From the records below, report the number of lines that contain "ruin", and add nothing.

-- RECORDS FOR THIS TASK follows --

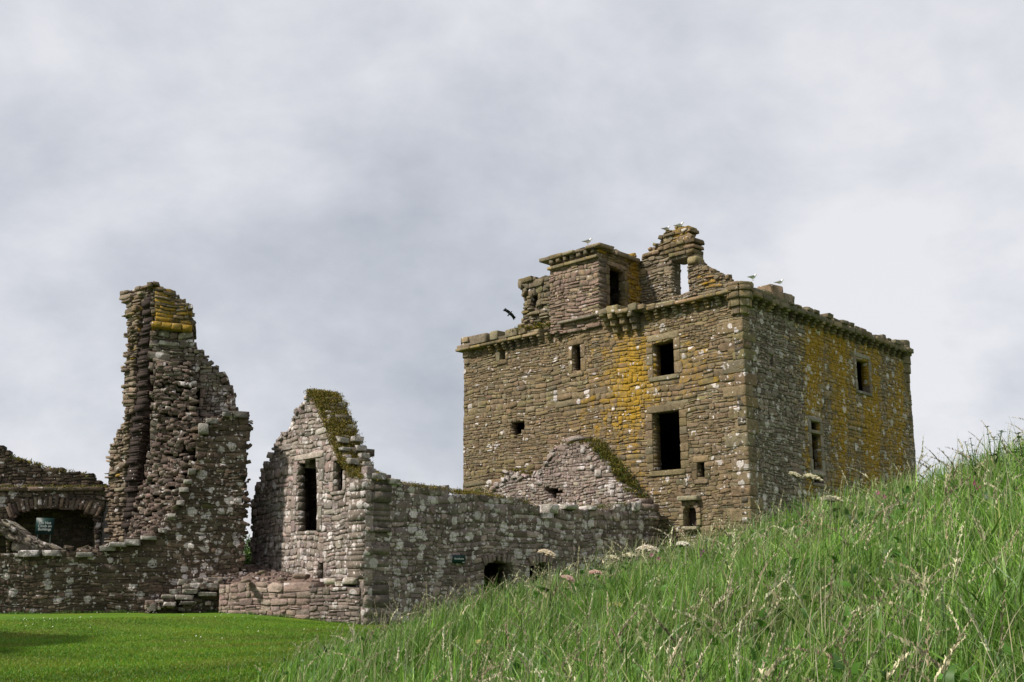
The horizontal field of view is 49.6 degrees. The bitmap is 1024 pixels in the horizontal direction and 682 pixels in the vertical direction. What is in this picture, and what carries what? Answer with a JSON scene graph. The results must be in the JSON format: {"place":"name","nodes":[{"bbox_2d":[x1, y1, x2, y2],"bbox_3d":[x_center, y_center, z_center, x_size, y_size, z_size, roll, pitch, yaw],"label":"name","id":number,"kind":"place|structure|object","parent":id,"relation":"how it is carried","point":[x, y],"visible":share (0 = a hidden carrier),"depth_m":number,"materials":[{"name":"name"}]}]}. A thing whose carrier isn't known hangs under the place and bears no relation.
{"place":"outdoors","nodes":[
{"label":"outdoors","id":0,"kind":"place"},
{"bbox_2d":[0,616,397,681],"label":"lawn grass","id":1,"kind":"structure","parent":0,"point":[237,654],"depth_m":21.82,"materials":[{"name":"green plant"}]},
{"bbox_2d":[217,565,343,586],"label":"earth floor","id":2,"kind":"structure","parent":0,"point":[271,579],"depth_m":38.47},
{"bbox_2d":[218,564,334,586],"bbox_3d":[-8.229,7.992,37.633,2.640,0.918,6.976,10,-15,-38],"label":"rubble scatter","id":3,"kind":"object","parent":2,"relation":"on","point":[257,578],"visible":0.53,"depth_m":38.79,"materials":[{"name":"stone"}]},
{"bbox_2d":[277,578,286,580],"bbox_3d":[-7.648,7.932,36.931,0.290,0.111,0.484,0,-12,0],"label":"loose stone","id":4,"kind":"object","parent":2,"relation":"on","point":[281,579],"visible":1,"depth_m":36.72,"materials":[{"name":"stone"}]},
{"bbox_2d":[292,574,309,578],"bbox_3d":[-7.003,7.842,36.953,0.576,0.159,0.529,0,-12,0],"label":"loose stone","id":5,"kind":"object","parent":2,"relation":"on","point":[300,576],"visible":1,"depth_m":36.75,"materials":[{"name":"stone"}]},
{"bbox_2d":[0,512,959,681],"bbox_3d":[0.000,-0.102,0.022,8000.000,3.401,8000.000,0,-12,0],"label":"ground","id":6,"kind":"structure","parent":0,"point":[65,616],"depth_m":30.34,"materials":[{"name":"green plant"}]},
{"bbox_2d":[35,518,54,543],"bbox_3d":[-16.781,7.873,39.597,0.610,3.081,0.081,3,-13,-14],"label":"warning sign","id":7,"kind":"object","parent":6,"relation":"on","point":[44,525],"visible":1,"depth_m":39.82,"materials":[{"name":"green metal"}]},
{"bbox_2d":[0,445,108,571],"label":"vaulted ruin","id":8,"kind":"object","parent":6,"relation":"on","point":[74,504],"visible":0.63,"depth_m":41.61,"materials":[{"name":"grey stone"}]},
{"bbox_2d":[0,519,64,551],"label":"broken vault rib","id":9,"kind":"object","parent":8,"relation":"attached to","point":[18,536],"visible":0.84,"depth_m":38.65,"materials":[{"name":"grey stone"}]},
{"bbox_2d":[0,281,252,613],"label":"tower ruin","id":10,"kind":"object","parent":6,"relation":"on","point":[176,495],"visible":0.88,"depth_m":39.61,"materials":[{"name":"grey stone"}]},
{"bbox_2d":[189,385,205,409],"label":"window","id":11,"kind":"structure","parent":10,"relation":"in","point":[202,391],"depth_m":41.03,"materials":[{"name":"stone"}]},
{"bbox_2d":[144,577,236,612],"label":"stone steps","id":12,"kind":"structure","parent":6,"relation":"on","point":[196,594],"depth_m":37.62,"materials":[{"name":"grey stone"}]},
{"bbox_2d":[0,609,401,624],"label":"wall foot grass","id":13,"kind":"structure","parent":6,"relation":"on","point":[209,611],"depth_m":37.17,"materials":[{"name":"green plant"}]},
{"bbox_2d":[243,534,251,564],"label":"shrub","id":14,"kind":"object","parent":6,"relation":"on","point":[248,556],"visible":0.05,"depth_m":50.32,"materials":[{"name":"green plant"}]},
{"bbox_2d":[219,577,360,623],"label":"retaining wall","id":15,"kind":"structure","parent":6,"relation":"on","point":[303,600],"depth_m":36.18,"materials":[{"name":"beige stone"}]},
{"bbox_2d":[240,579,249,582],"bbox_3d":[-8.867,7.985,36.902,0.244,0.116,0.503,0,-12,0],"label":"loose stone","id":16,"kind":"object","parent":15,"relation":"on","point":[245,581],"visible":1,"depth_m":36.69,"materials":[{"name":"beige stone"}]},
{"bbox_2d":[248,386,659,624],"bbox_3d":[-2.450,6.786,43.254,13.920,8.603,9.928,10,-16,-39],"label":"storehouse ruin","id":17,"kind":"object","parent":6,"relation":"on","point":[329,500],"visible":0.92,"depth_m":38.93,"materials":[{"name":"grey stone"}]},
{"bbox_2d":[291,451,324,531],"bbox_3d":[-7.071,5.302,38.883,0.301,2.722,2.322,10,-15,-38],"label":"window frame","id":18,"kind":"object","parent":17,"relation":"in","point":[309,456],"depth_m":38.70,"materials":[{"name":"grey stone"}]},
{"bbox_2d":[329,455,350,494],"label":"window","id":19,"kind":"structure","parent":17,"relation":"in","point":[343,479],"depth_m":37.47,"materials":[{"name":"grey stone"}]},
{"bbox_2d":[452,555,464,563],"bbox_3d":[-1.794,7.366,37.456,0.522,0.283,0.036,10,-15,-38],"label":"name sign","id":20,"kind":"object","parent":17,"relation":"attached to","point":[458,558],"visible":1,"depth_m":37.43,"materials":[{"name":"green metal"}]},
{"bbox_2d":[535,549,557,608],"bbox_3d":[0.284,2.343,10.305,0.292,0.815,0.223,6,-13,-26],"label":"hogweed","id":21,"kind":"object","parent":6,"relation":"on","point":[547,552],"visible":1,"depth_m":10.35,"materials":[{"name":"beige plant"}]},
{"bbox_2d":[561,575,582,605],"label":"hogweed","id":22,"kind":"object","parent":6,"relation":"on","point":[570,578],"visible":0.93,"depth_m":10.71,"materials":[{"name":"pink plant"}]},
{"bbox_2d":[584,569,601,587],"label":"hogweed","id":23,"kind":"object","parent":6,"relation":"on","point":[593,572],"visible":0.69,"depth_m":11.10,"materials":[{"name":"plant"}]},
{"bbox_2d":[595,555,619,590],"bbox_3d":[0.991,2.422,11.290,0.356,0.487,0.159,6,-13,-24],"label":"hogweed","id":24,"kind":"object","parent":6,"relation":"on","point":[612,557],"visible":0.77,"depth_m":11.30,"materials":[{"name":"beige plant"}]},
{"bbox_2d":[227,417,1023,681],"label":"seed heads","id":25,"kind":"object","parent":6,"relation":"on","point":[772,668],"visible":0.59,"depth_m":7.07,"materials":[{"name":"green plant"}]},
{"bbox_2d":[232,414,1023,681],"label":"meadow grass","id":26,"kind":"structure","parent":6,"relation":"on","point":[850,578],"depth_m":7.42,"materials":[{"name":"green plant"}]},
{"bbox_2d":[622,552,635,579],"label":"hogweed","id":27,"kind":"object","parent":6,"relation":"on","point":[628,555],"visible":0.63,"depth_m":11.59,"materials":[{"name":"beige plant"}]},
{"bbox_2d":[635,544,658,574],"bbox_3d":[1.415,2.340,11.485,0.258,0.466,0.257,7,-14,-31],"label":"hogweed","id":28,"kind":"object","parent":6,"relation":"on","point":[648,549],"visible":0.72,"depth_m":11.48,"materials":[{"name":"beige plant"}]},
{"bbox_2d":[455,225,916,563],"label":"castle keep","id":29,"kind":"structure","parent":6,"relation":"on","point":[707,395],"depth_m":47.62,"materials":[{"name":"stone"}]},
{"bbox_2d":[496,345,507,364],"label":"window","id":30,"kind":"structure","parent":29,"relation":"in","point":[502,354],"depth_m":52.74,"materials":[{"name":"beige stone"}]},
{"bbox_2d":[568,338,585,377],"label":"window","id":31,"kind":"structure","parent":29,"relation":"in","point":[572,351],"depth_m":49.20,"materials":[{"name":"beige stone"}]},
{"bbox_2d":[606,260,628,307],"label":"doorway","id":32,"kind":"structure","parent":29,"relation":"in","point":[621,276],"depth_m":50.09,"materials":[{"name":"stone"}]},
{"bbox_2d":[646,331,682,381],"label":"window","id":33,"kind":"structure","parent":29,"relation":"in","point":[678,366],"depth_m":45.59,"materials":[{"name":"beige stone"}]},
{"bbox_2d":[645,402,689,476],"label":"window","id":34,"kind":"structure","parent":29,"relation":"in","point":[674,407],"depth_m":44.93,"materials":[{"name":"beige stone"}]},
{"bbox_2d":[691,455,709,483],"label":"window","id":35,"kind":"structure","parent":29,"relation":"in","point":[699,459],"depth_m":43.51,"materials":[{"name":"beige stone"}]},
{"bbox_2d":[767,349,775,370],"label":"window","id":36,"kind":"structure","parent":29,"relation":"in","point":[771,352],"depth_m":44.34,"materials":[{"name":"grey stone"}]},
{"bbox_2d":[807,415,825,475],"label":"window","id":37,"kind":"structure","parent":29,"relation":"in","point":[813,419],"depth_m":46.36,"materials":[{"name":"stone"}]},
{"bbox_2d":[811,470,826,486],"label":"window","id":38,"kind":"structure","parent":29,"relation":"in","point":[818,483],"depth_m":46.23,"materials":[{"name":"grey stone"}]},
{"bbox_2d":[853,351,872,396],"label":"window","id":39,"kind":"structure","parent":29,"relation":"in","point":[867,390],"depth_m":50.72,"materials":[{"name":"stone"}]},
{"bbox_2d":[676,541,700,569],"bbox_3d":[1.847,2.280,11.488,0.311,0.416,0.216,-6,-14,27],"label":"hogweed","id":40,"kind":"object","parent":6,"relation":"on","point":[682,543],"visible":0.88,"depth_m":11.54,"materials":[{"name":"beige plant"}]},
{"bbox_2d":[786,471,821,530],"bbox_3d":[2.868,1.693,10.786,0.326,0.865,0.294,-8,-15,33],"label":"hogweed","id":41,"kind":"object","parent":6,"relation":"on","point":[810,476],"visible":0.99,"depth_m":10.85,"materials":[{"name":"beige plant"}]},
{"bbox_2d":[821,495,843,525],"bbox_3d":[3.163,1.759,10.907,0.260,0.495,0.280,-5,-13,22],"label":"hogweed","id":42,"kind":"object","parent":6,"relation":"on","point":[835,498],"visible":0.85,"depth_m":10.93,"materials":[{"name":"beige plant"}]},
{"bbox_2d":[961,438,979,474],"bbox_3d":[4.080,1.176,9.843,0.160,0.636,0.205,-4,-13,18],"label":"leafy weed","id":43,"kind":"object","parent":6,"relation":"on","point":[970,458],"visible":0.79,"depth_m":9.86,"materials":[{"name":"green plant"}]},
{"bbox_2d":[984,426,1005,468],"bbox_3d":[4.202,1.086,9.600,0.166,0.709,0.205,-11,-16,41],"label":"leafy weed","id":44,"kind":"object","parent":6,"relation":"on","point":[997,454],"visible":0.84,"depth_m":9.63,"materials":[{"name":"green plant"}]},
{"bbox_2d":[1007,432,1023,471],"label":"leafy weed","id":45,"kind":"object","parent":6,"relation":"on","point":[1018,436],"visible":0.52,"depth_m":9.09,"materials":[{"name":"green plant"}]},
{"bbox_2d":[503,308,514,319],"bbox_3d":[-0.083,-0.878,36.008,0.437,0.380,0.134,1,-12,-7],"label":"crow","id":46,"kind":"object","parent":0,"point":[511,314],"visible":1,"depth_m":35.99,"materials":[{"name":"black"}]},
{"bbox_2d":[0,0,1023,548],"label":"sky","id":47,"kind":"structure","parent":0,"point":[339,194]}
]}

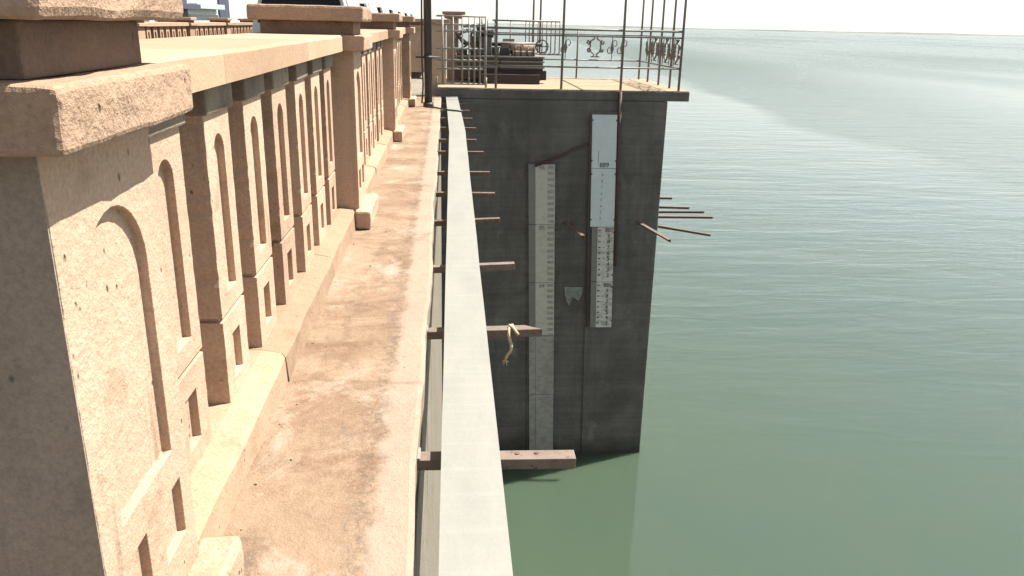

-- RECORDS FOR THIS TASK concluded --

--- WRITTEN RESPONSE ---
3